What you will do
Would you print every entry below exactly as written, omitting the images?

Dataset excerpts
• • • • • • •

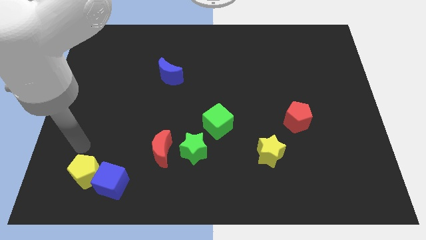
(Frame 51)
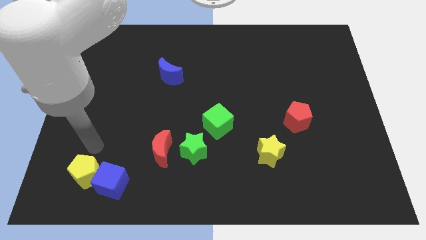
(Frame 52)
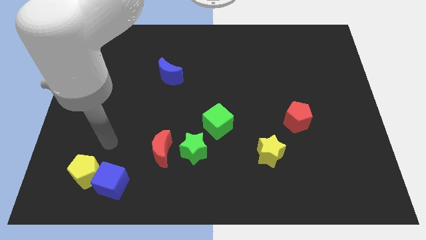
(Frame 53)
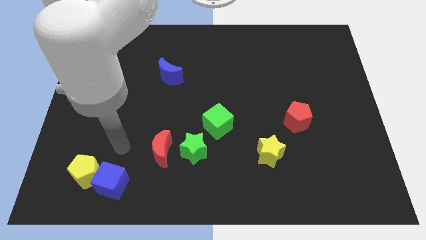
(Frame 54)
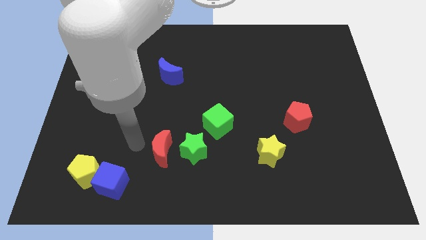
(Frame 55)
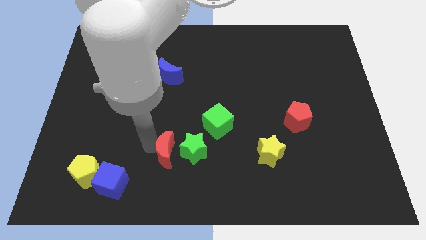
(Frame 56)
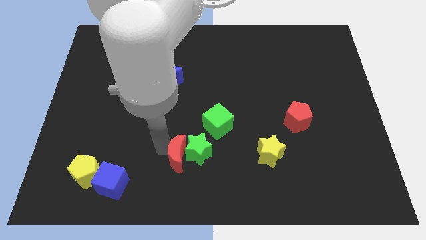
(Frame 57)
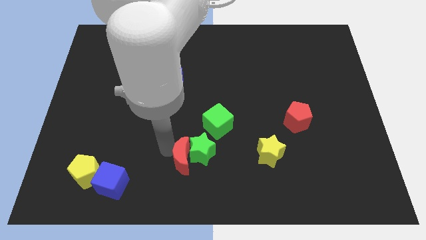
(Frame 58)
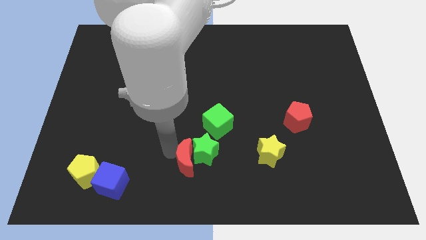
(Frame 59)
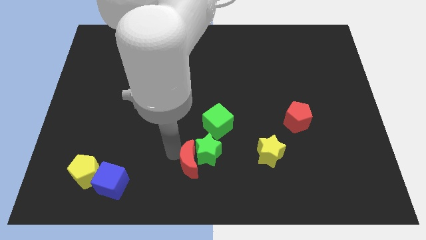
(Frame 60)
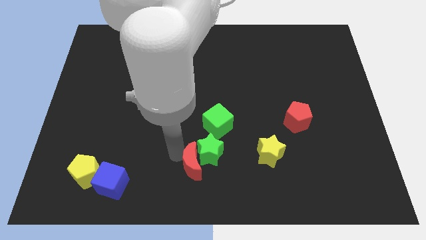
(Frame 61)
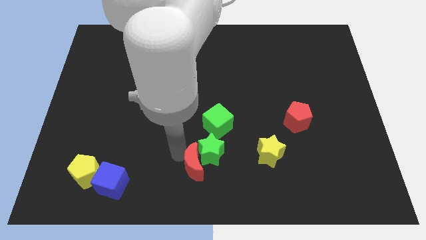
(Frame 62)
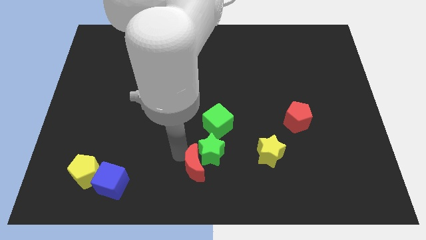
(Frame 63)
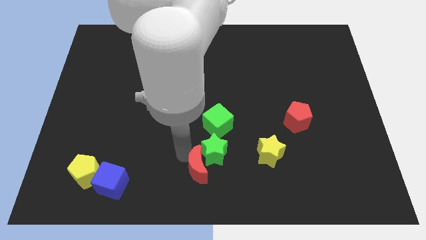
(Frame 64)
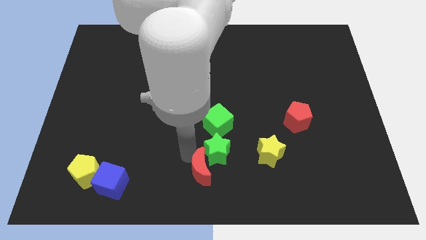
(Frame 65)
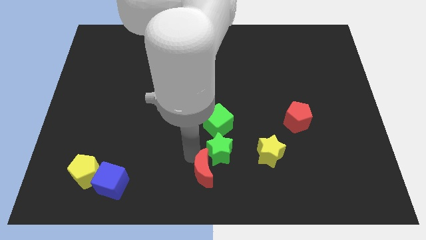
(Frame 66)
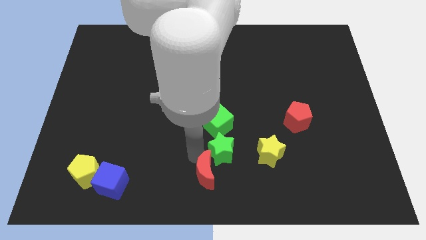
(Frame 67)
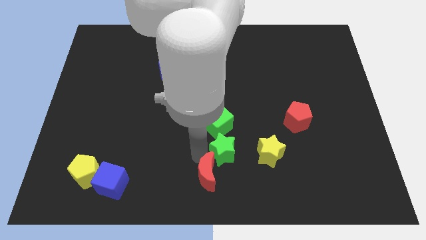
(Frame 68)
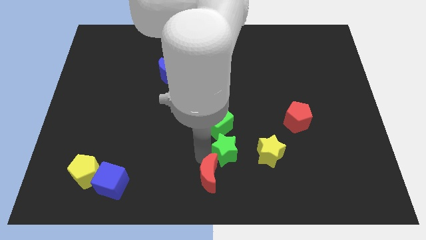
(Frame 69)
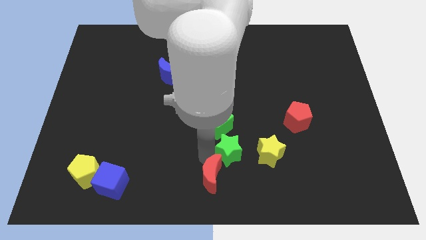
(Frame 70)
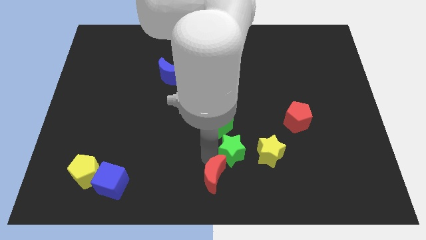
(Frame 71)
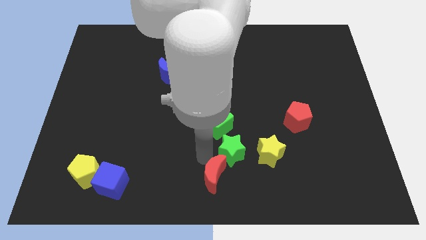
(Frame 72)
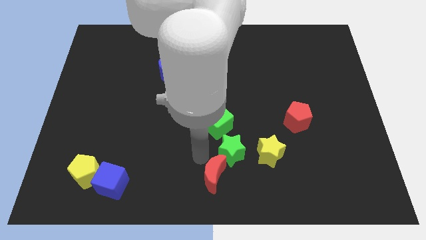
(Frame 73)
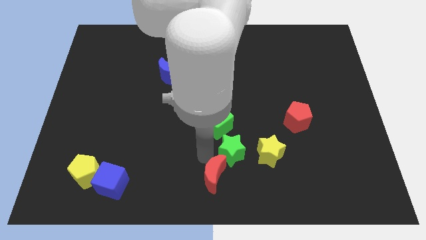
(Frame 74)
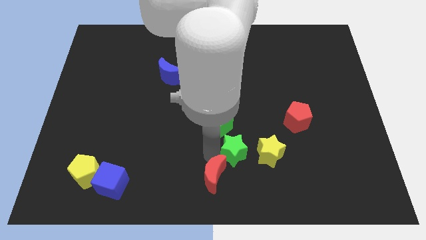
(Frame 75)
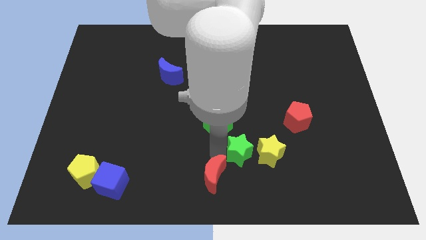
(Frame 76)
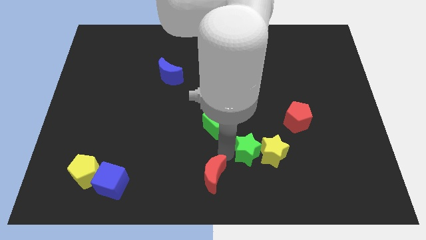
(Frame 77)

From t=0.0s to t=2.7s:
put the green star to the yellow star

• • • • • • •

Answer box
(Frame 51)
(Frame 52)
(Frame 53)
(Frame 54)
(Frame 55)
(Frame 56)
(Frame 57)
(Frame 58)
(Frame 59)
(Frame 60)
(Frame 61)
(Frame 62)
(Frame 63)
(Frame 64)
(Frame 65)
(Frame 66)
(Frame 67)
(Frame 68)
(Frame 69)
(Frame 70)
(Frame 71)
(Frame 72)
(Frame 73)
(Frame 74)
(Frame 75)
(Frame 76)
(Frame 77)

From t=0.0s to t=2.7s:
put the green star to the yellow star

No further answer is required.